[What to produce] Everything in the listing below should be repeated exactly, apart from the pictures.

[Data provided]

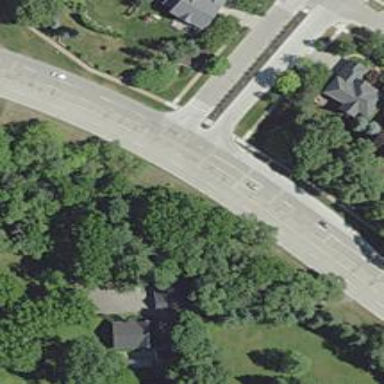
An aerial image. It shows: Secondary road.
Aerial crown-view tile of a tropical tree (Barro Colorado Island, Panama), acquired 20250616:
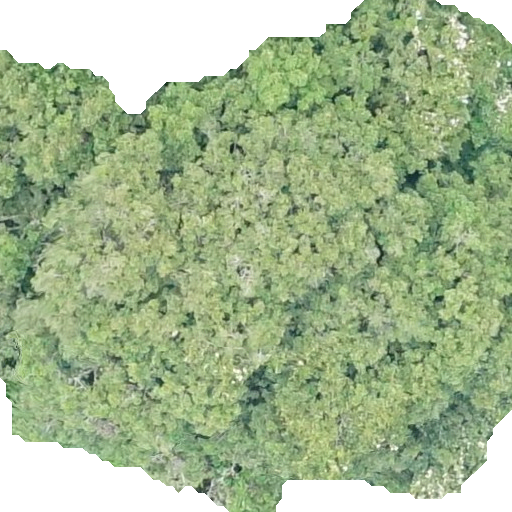
Species: Prioria copaifera
GBIF accepted scientific name: Prioria copaifera
Crown area: 364.18 m²
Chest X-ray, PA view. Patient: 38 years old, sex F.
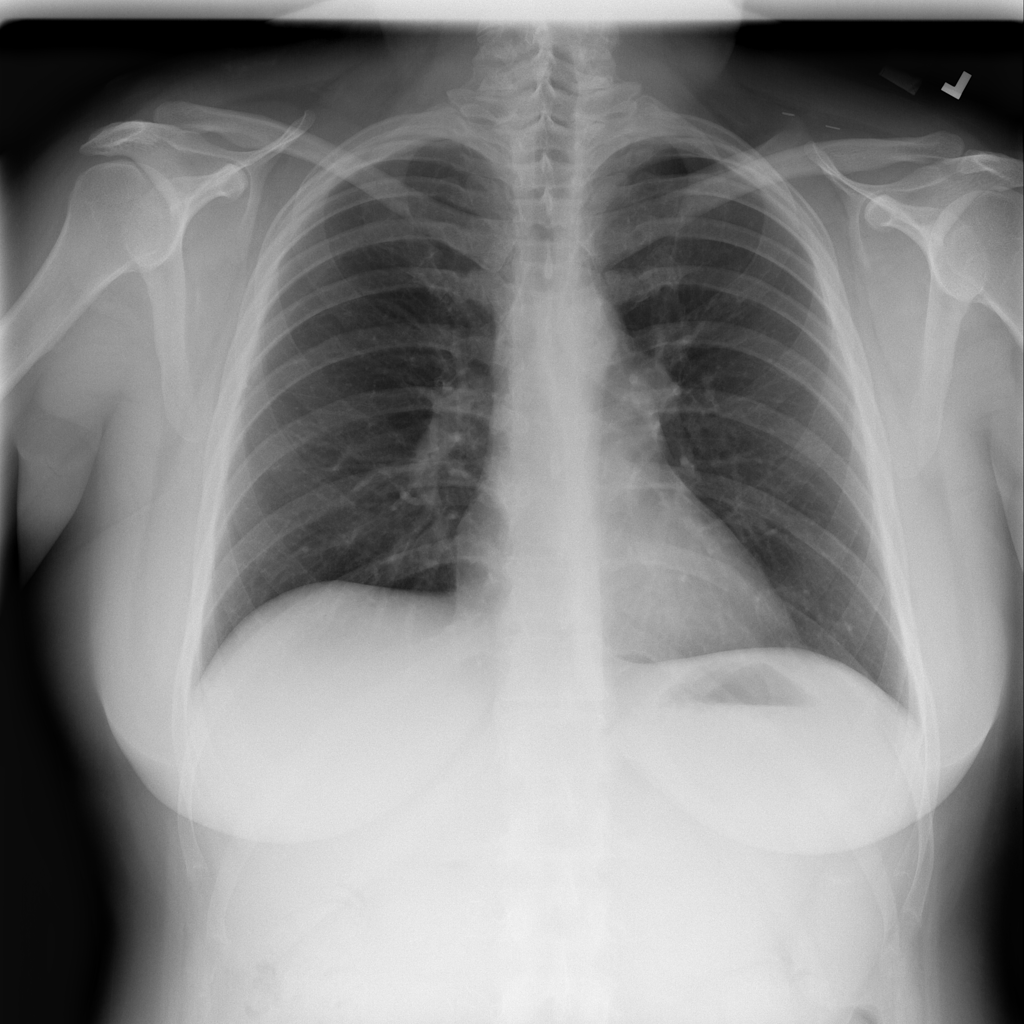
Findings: No Finding
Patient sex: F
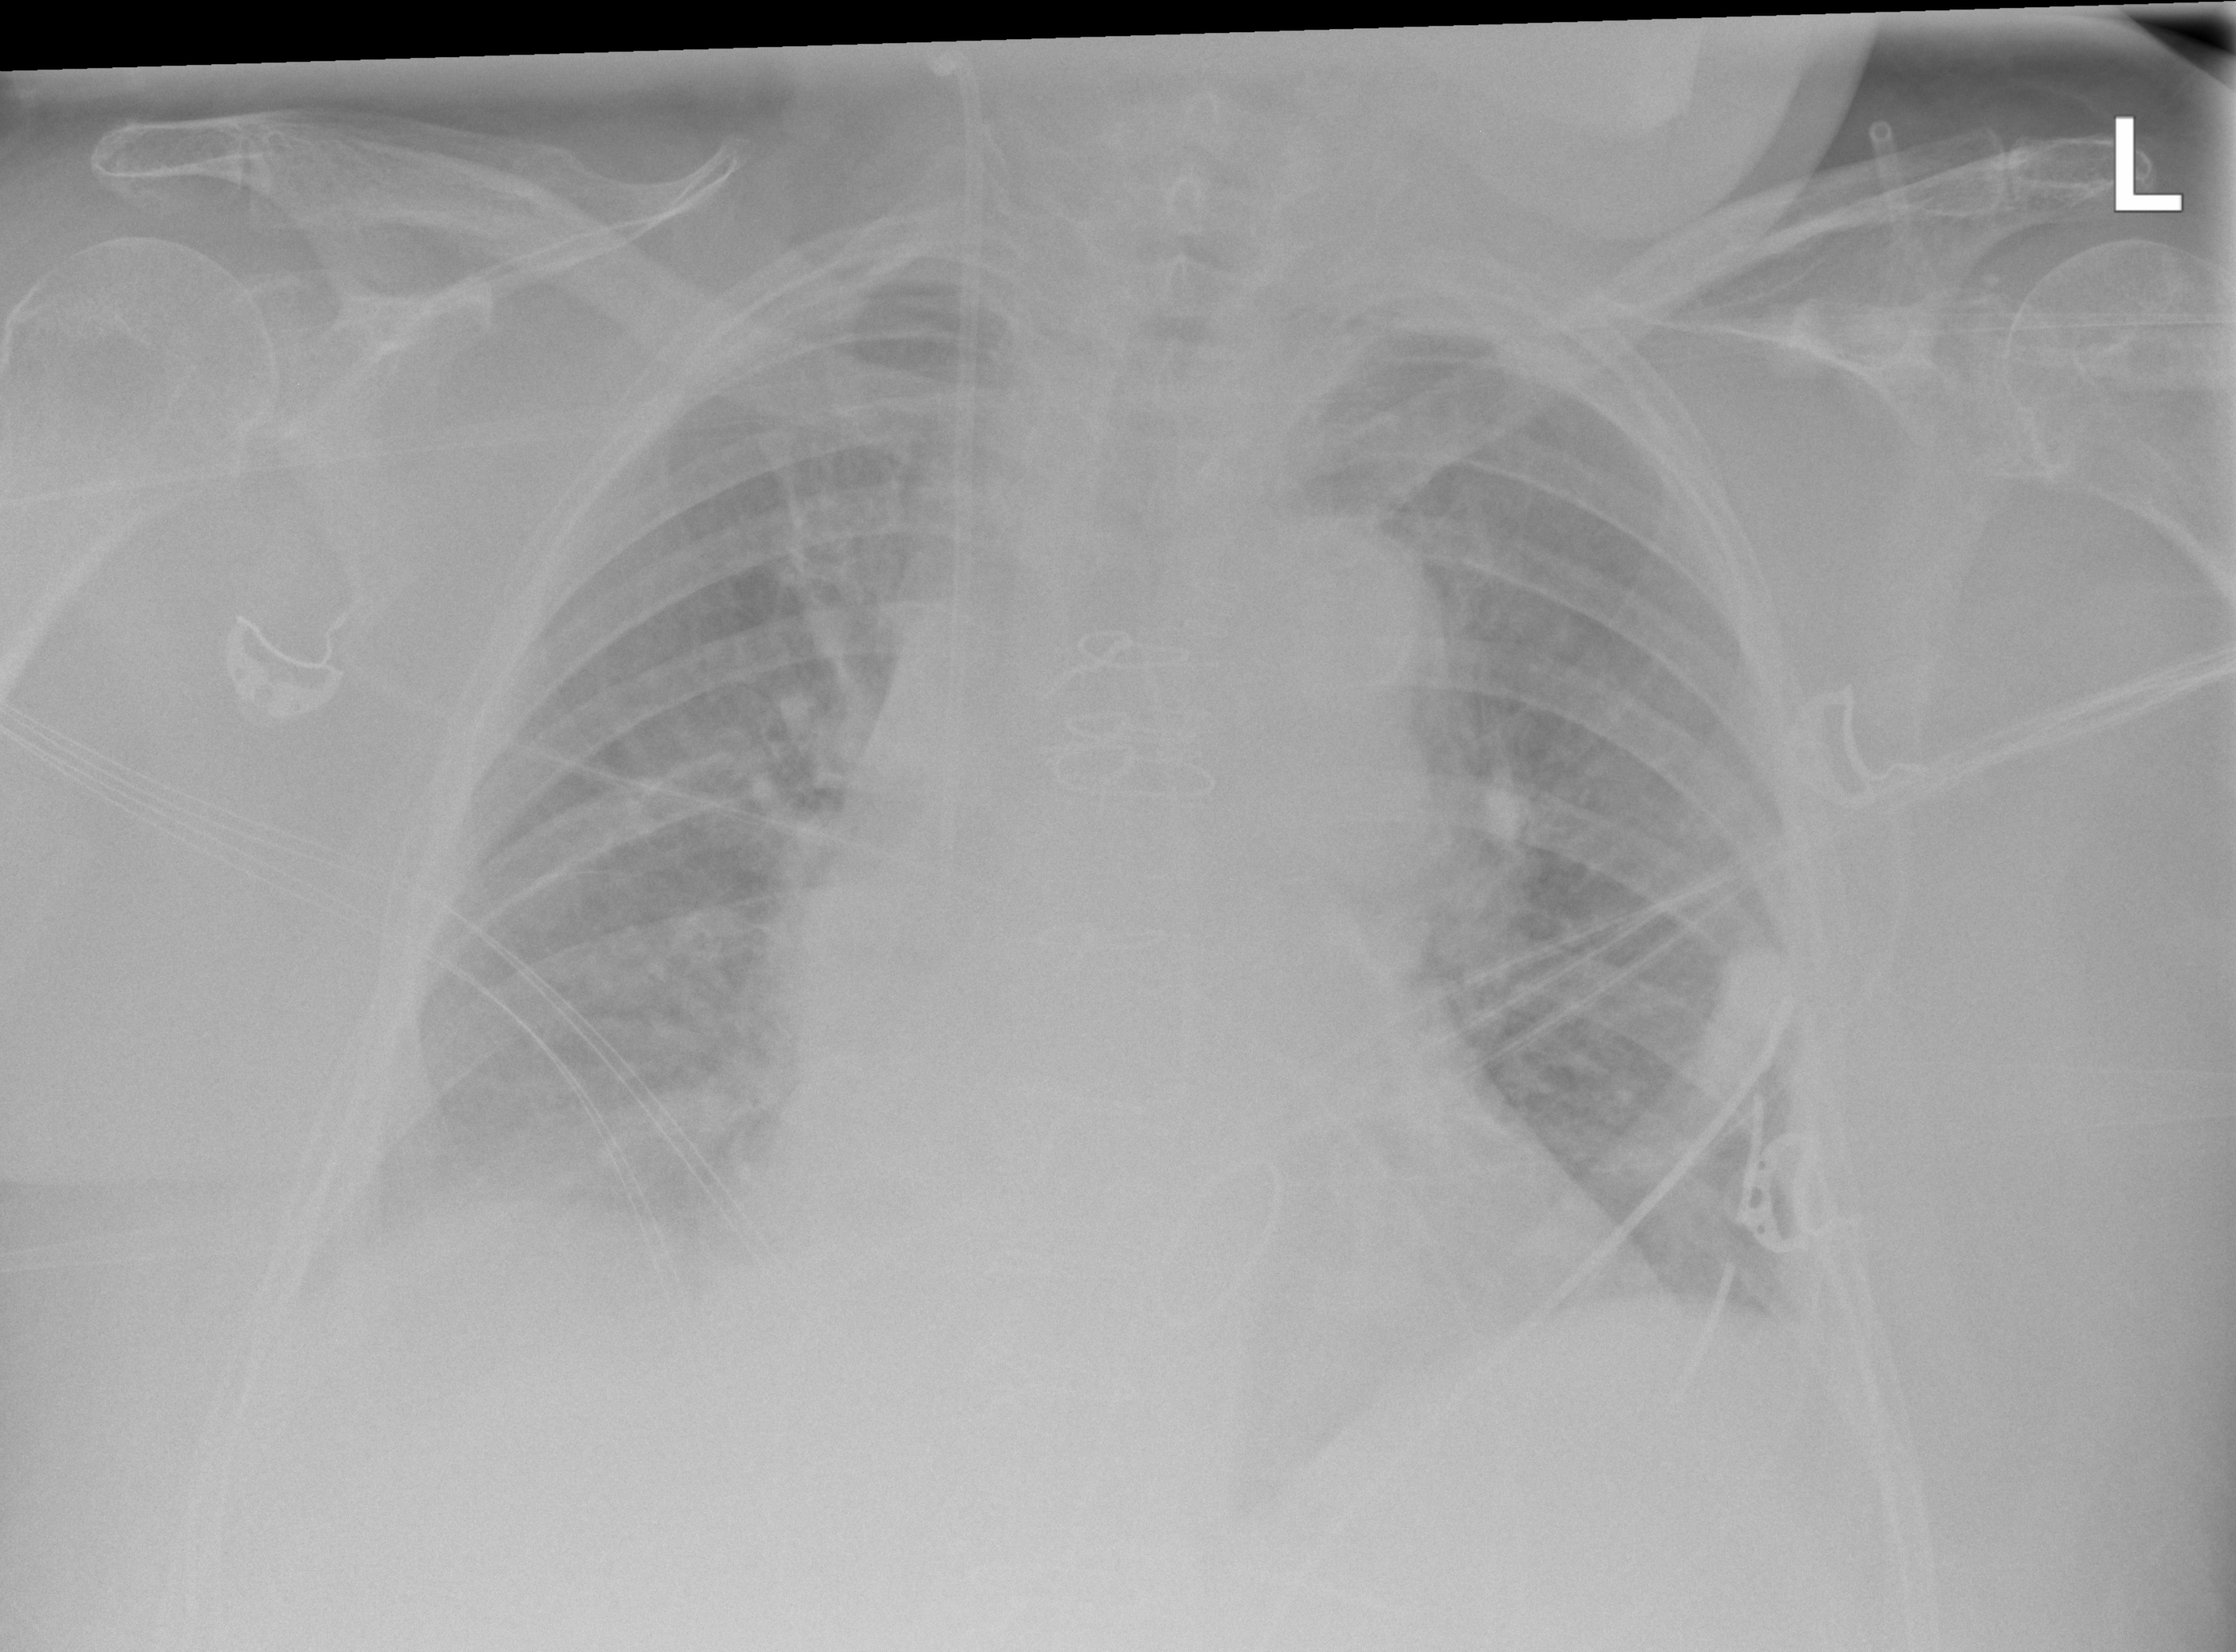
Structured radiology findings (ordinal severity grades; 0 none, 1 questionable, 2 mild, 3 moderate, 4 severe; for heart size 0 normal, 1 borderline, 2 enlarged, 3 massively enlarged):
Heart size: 2
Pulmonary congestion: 2
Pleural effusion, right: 1
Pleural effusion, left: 1
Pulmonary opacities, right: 0
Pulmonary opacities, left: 0
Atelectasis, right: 2
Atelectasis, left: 0
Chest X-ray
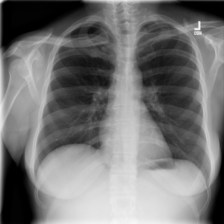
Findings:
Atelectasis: negative
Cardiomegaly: negative
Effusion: negative
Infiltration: negative
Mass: negative
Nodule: negative
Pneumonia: negative
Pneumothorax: negative
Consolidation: negative
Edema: negative
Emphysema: negative
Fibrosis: negative
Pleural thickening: negative
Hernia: negative
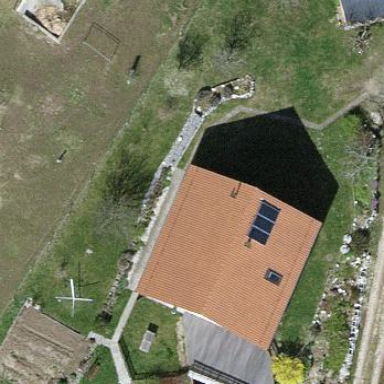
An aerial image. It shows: Simple house.
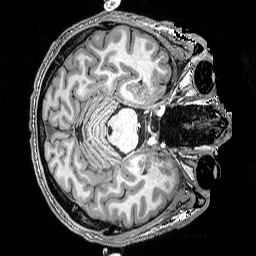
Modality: T1w
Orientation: axial
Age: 30
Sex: male
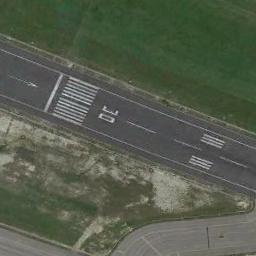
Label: runway
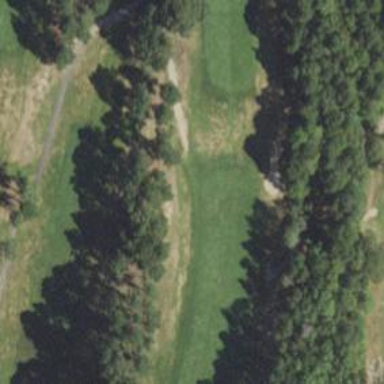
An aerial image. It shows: View of golf hole.
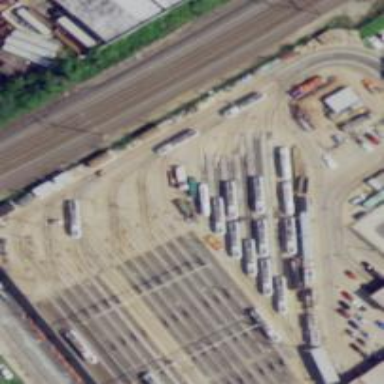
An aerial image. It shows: Tram railway running through yard with contact lines for electrification.
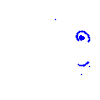
Particle: proton
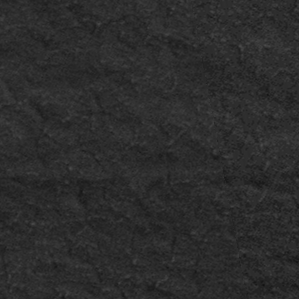
Label: frost
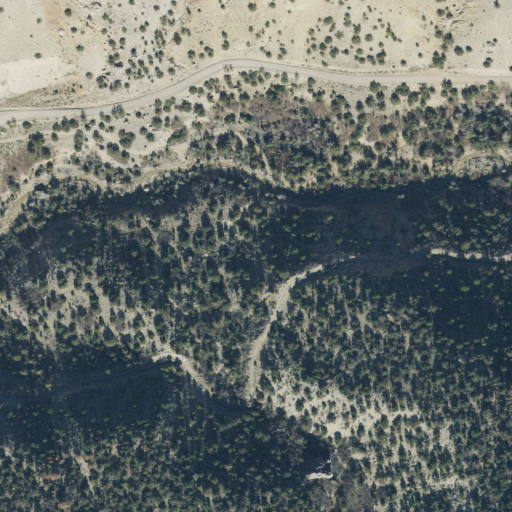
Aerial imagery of valley in Utah named Birch Canyon containing evergreen forest, open development, shrub, barren land, deciduous forest, and grassland
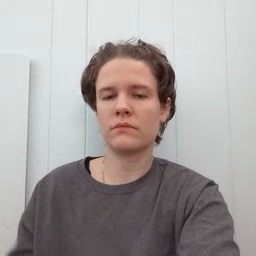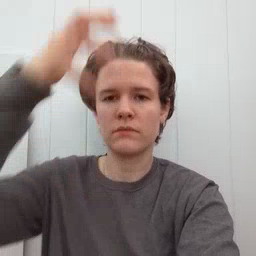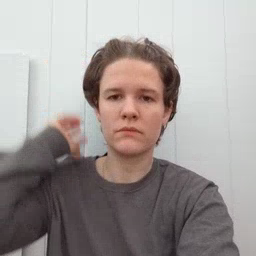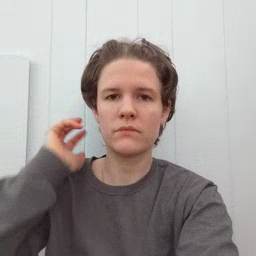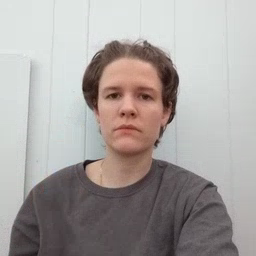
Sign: lion
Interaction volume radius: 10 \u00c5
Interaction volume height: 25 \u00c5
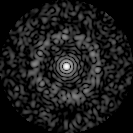
Disorder parameter: 0.8448
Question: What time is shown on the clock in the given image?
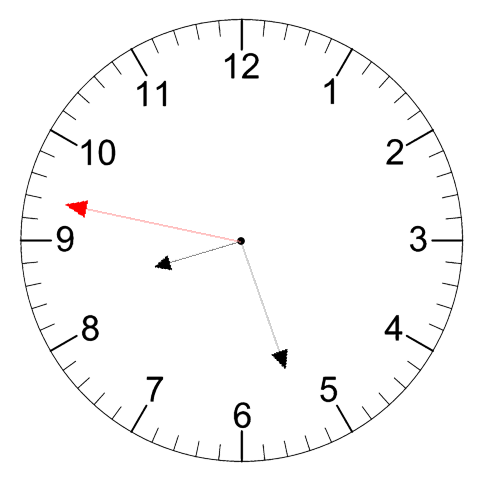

[Result for this task]
An aerial image. It shows: Secondary road.
Aerial crown-view tile of a tropical tree (Barro Colorado Island, Panama), acquired 20250616:
Species: Prioria copaifera
GBIF accepted scientific name: Prioria copaifera
Crown area: 364.18 m²
Chest X-ray, PA view. Patient: 38 years old, sex F.
Findings: No Finding
Patient sex: F
Structured radiology findings (ordinal severity grades; 0 none, 1 questionable, 2 mild, 3 moderate, 4 severe; for heart size 0 normal, 1 borderline, 2 enlarged, 3 massively enlarged):
Heart size: 2
Pulmonary congestion: 2
Pleural effusion, right: 1
Pleural effusion, left: 1
Pulmonary opacities, right: 0
Pulmonary opacities, left: 0
Atelectasis, right: 2
Atelectasis, left: 0
Chest X-ray
Findings:
Atelectasis: negative
Cardiomegaly: negative
Effusion: negative
Infiltration: negative
Mass: negative
Nodule: negative
Pneumonia: negative
Pneumothorax: negative
Consolidation: negative
Edema: negative
Emphysema: negative
Fibrosis: negative
Pleural thickening: negative
Hernia: negative
An aerial image. It shows: Simple house.
Modality: T1w
Orientation: axial
Age: 30
Sex: male
Label: runway
An aerial image. It shows: View of golf hole.
An aerial image. It shows: Tram railway running through yard with contact lines for electrification.
Particle: proton
Label: frost
Aerial imagery of valley in Utah named Birch Canyon containing evergreen forest, open development, shrub, barren land, deciduous forest, and grassland
Sign: lion
Interaction volume radius: 10 \u00c5
Interaction volume height: 25 \u00c5
Disorder parameter: 0.8448
Question: What time is shown on the clock in the given image?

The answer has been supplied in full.